■ BRIEF ■
Return copies of the lines below that mention "linecap".

■ MATERIALS PROVIDED ■

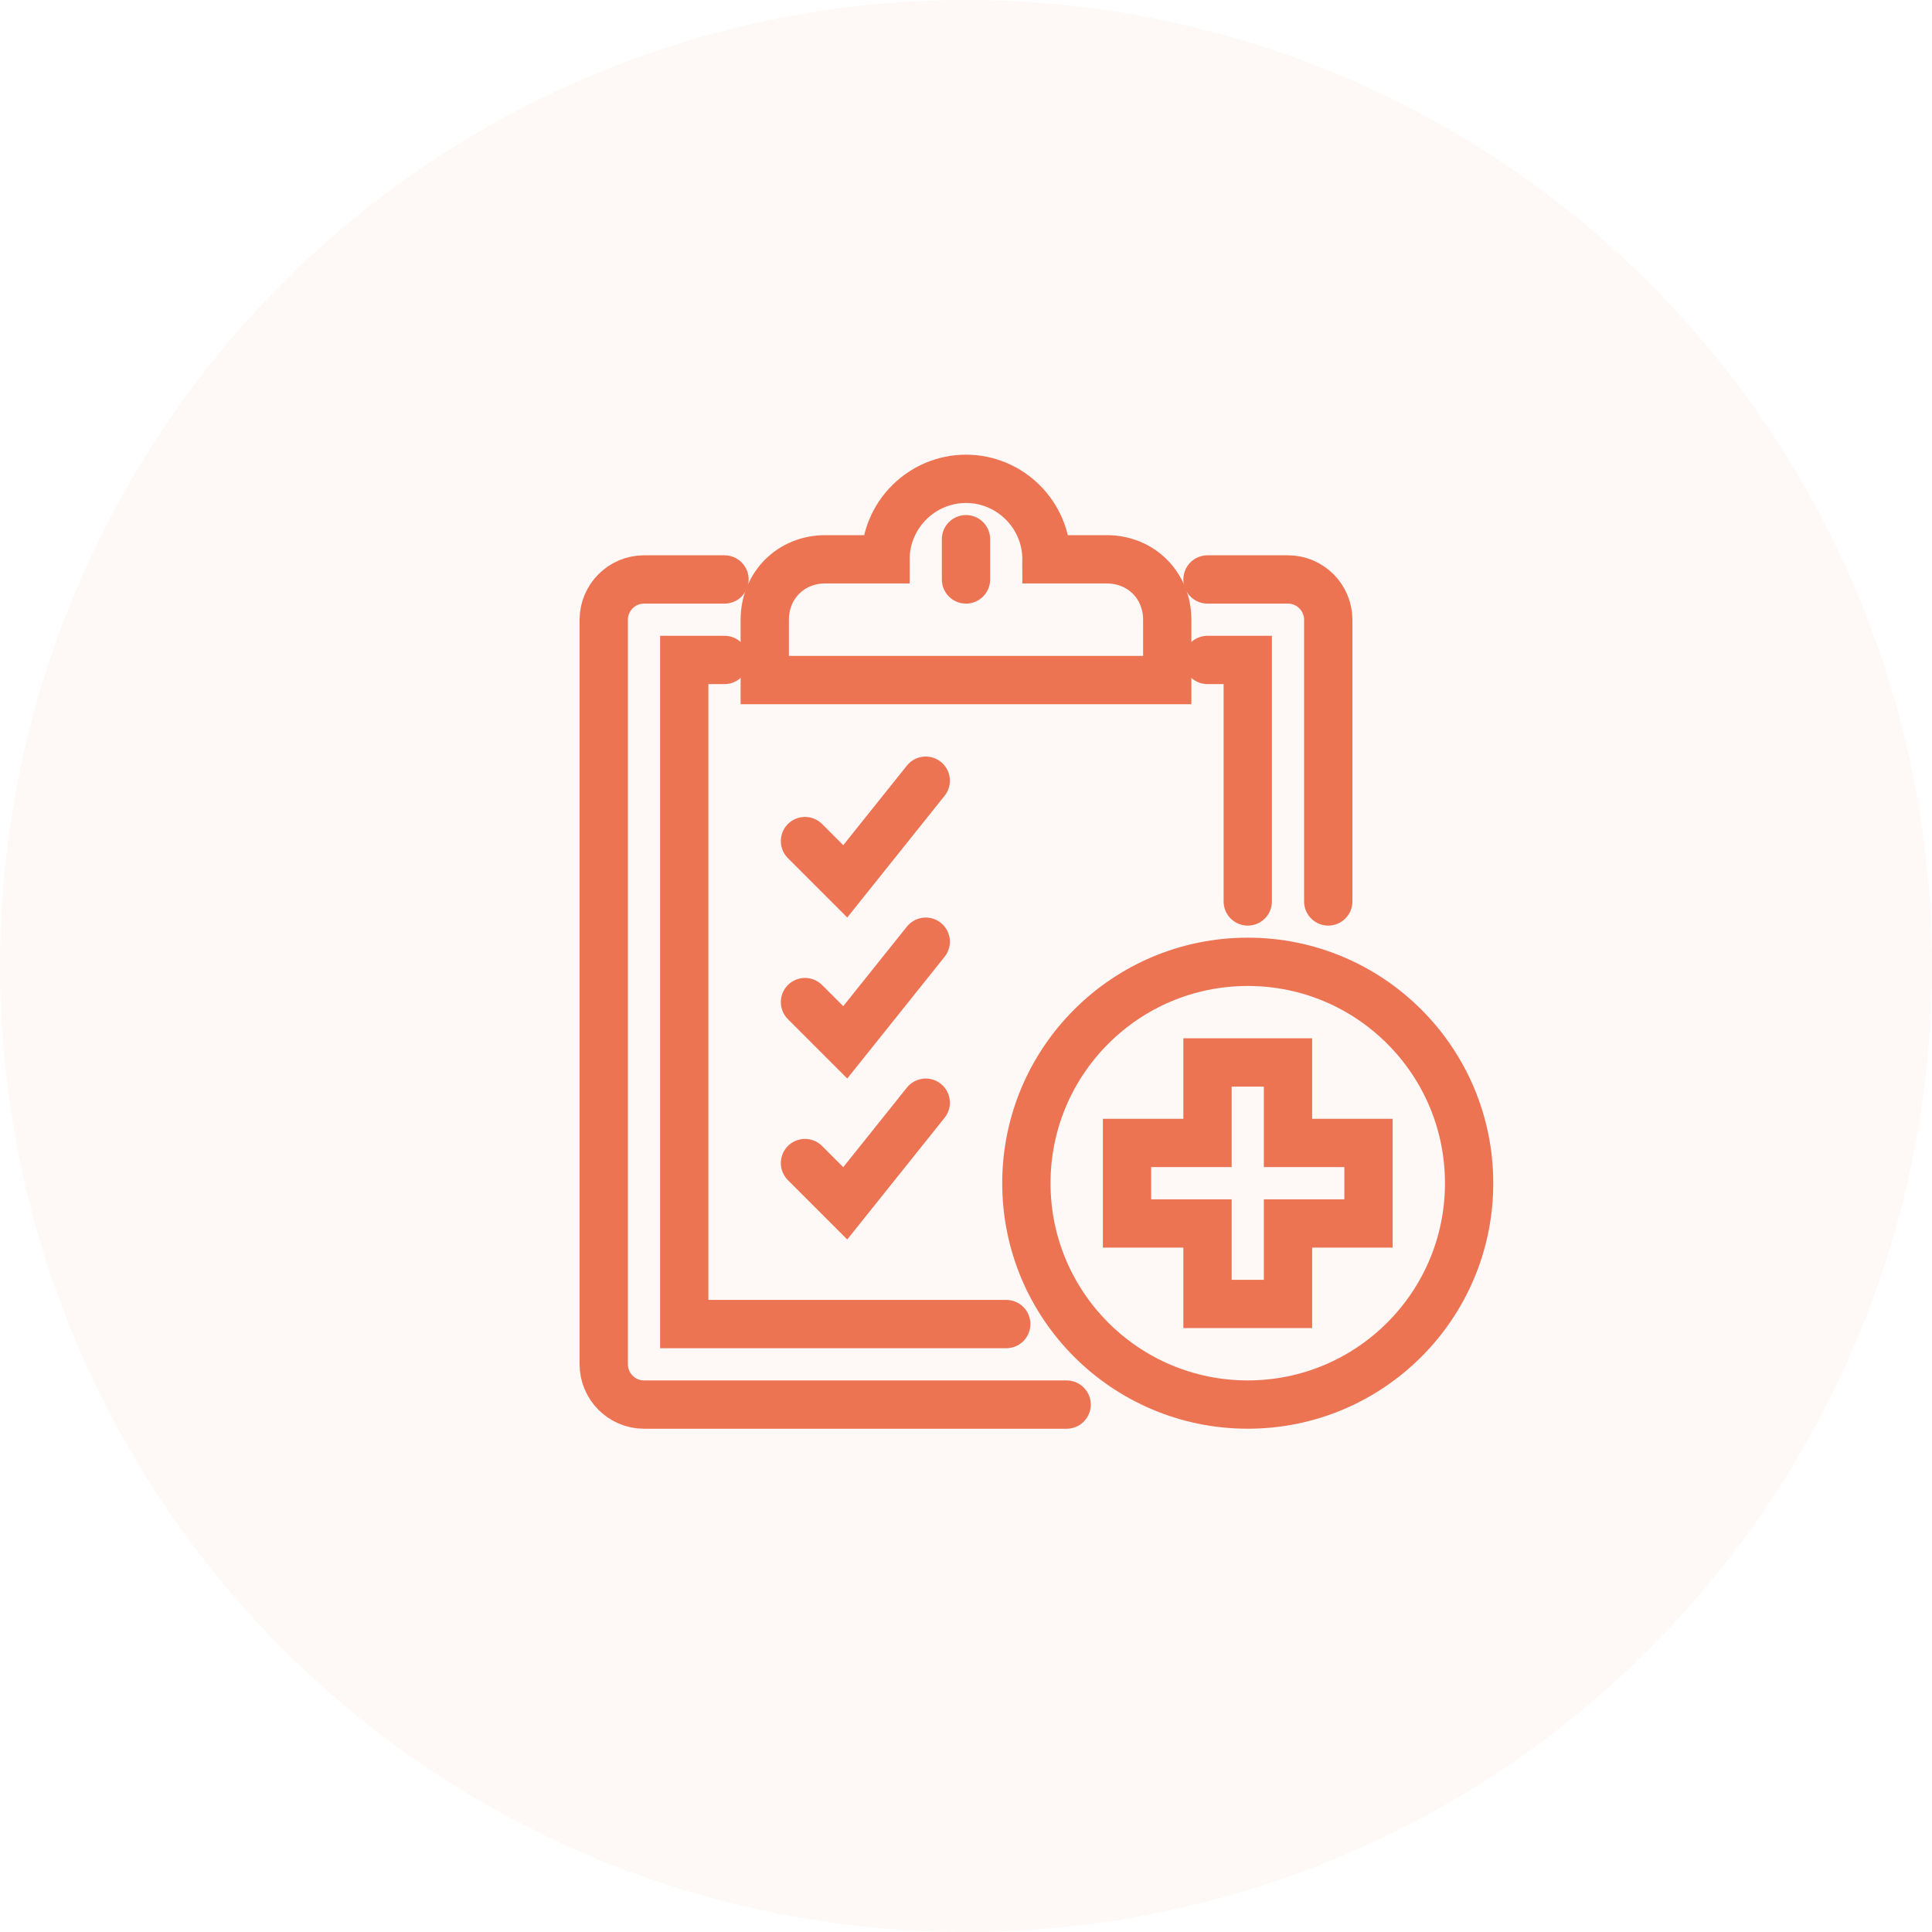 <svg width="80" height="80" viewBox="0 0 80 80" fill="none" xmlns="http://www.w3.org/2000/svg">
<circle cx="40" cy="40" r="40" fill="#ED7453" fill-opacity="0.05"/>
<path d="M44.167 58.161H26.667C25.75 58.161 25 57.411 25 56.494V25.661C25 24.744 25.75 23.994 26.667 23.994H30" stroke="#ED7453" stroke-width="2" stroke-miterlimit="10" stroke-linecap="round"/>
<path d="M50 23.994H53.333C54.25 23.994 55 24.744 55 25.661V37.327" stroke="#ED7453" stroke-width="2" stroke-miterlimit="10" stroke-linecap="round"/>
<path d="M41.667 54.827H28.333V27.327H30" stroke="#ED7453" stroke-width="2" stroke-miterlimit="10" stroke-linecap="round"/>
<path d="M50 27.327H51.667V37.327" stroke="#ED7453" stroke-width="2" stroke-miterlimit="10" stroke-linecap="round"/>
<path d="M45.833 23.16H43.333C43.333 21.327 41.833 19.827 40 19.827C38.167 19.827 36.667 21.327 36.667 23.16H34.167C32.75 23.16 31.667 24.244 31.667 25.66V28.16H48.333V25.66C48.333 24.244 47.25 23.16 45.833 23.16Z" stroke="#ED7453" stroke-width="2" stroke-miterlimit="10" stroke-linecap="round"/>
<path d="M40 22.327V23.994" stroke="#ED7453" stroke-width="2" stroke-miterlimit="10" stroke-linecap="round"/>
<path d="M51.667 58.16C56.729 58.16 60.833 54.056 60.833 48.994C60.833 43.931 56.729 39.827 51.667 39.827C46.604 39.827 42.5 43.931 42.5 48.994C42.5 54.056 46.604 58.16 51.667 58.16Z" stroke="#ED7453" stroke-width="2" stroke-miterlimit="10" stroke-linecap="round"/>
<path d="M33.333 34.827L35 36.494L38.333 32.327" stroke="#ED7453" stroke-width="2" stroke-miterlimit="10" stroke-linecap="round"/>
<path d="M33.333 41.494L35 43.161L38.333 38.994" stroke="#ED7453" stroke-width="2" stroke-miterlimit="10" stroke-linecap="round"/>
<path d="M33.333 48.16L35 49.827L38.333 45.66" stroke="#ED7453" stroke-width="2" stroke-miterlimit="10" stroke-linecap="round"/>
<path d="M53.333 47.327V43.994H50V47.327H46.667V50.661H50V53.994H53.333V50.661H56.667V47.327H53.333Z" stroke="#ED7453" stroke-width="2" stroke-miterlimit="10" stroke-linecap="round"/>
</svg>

■ RESPONSE ■
<path d="M44.167 58.161H26.667C25.75 58.161 25 57.411 25 56.494V25.661C25 24.744 25.75 23.994 26.667 23.994H30" stroke="#ED7453" stroke-width="2" stroke-miterlimit="10" stroke-linecap="round"/>
<path d="M50 23.994H53.333C54.25 23.994 55 24.744 55 25.661V37.327" stroke="#ED7453" stroke-width="2" stroke-miterlimit="10" stroke-linecap="round"/>
<path d="M41.667 54.827H28.333V27.327H30" stroke="#ED7453" stroke-width="2" stroke-miterlimit="10" stroke-linecap="round"/>
<path d="M50 27.327H51.667V37.327" stroke="#ED7453" stroke-width="2" stroke-miterlimit="10" stroke-linecap="round"/>
<path d="M45.833 23.16H43.333C43.333 21.327 41.833 19.827 40 19.827C38.167 19.827 36.667 21.327 36.667 23.16H34.167C32.75 23.16 31.667 24.244 31.667 25.66V28.16H48.333V25.66C48.333 24.244 47.25 23.16 45.833 23.16Z" stroke="#ED7453" stroke-width="2" stroke-miterlimit="10" stroke-linecap="round"/>
<path d="M40 22.327V23.994" stroke="#ED7453" stroke-width="2" stroke-miterlimit="10" stroke-linecap="round"/>
<path d="M51.667 58.16C56.729 58.16 60.833 54.056 60.833 48.994C60.833 43.931 56.729 39.827 51.667 39.827C46.604 39.827 42.5 43.931 42.5 48.994C42.5 54.056 46.604 58.16 51.667 58.16Z" stroke="#ED7453" stroke-width="2" stroke-miterlimit="10" stroke-linecap="round"/>
<path d="M33.333 34.827L35 36.494L38.333 32.327" stroke="#ED7453" stroke-width="2" stroke-miterlimit="10" stroke-linecap="round"/>
<path d="M33.333 41.494L35 43.161L38.333 38.994" stroke="#ED7453" stroke-width="2" stroke-miterlimit="10" stroke-linecap="round"/>
<path d="M33.333 48.16L35 49.827L38.333 45.66" stroke="#ED7453" stroke-width="2" stroke-miterlimit="10" stroke-linecap="round"/>
<path d="M53.333 47.327V43.994H50V47.327H46.667V50.661H50V53.994H53.333V50.661H56.667V47.327H53.333Z" stroke="#ED7453" stroke-width="2" stroke-miterlimit="10" stroke-linecap="round"/>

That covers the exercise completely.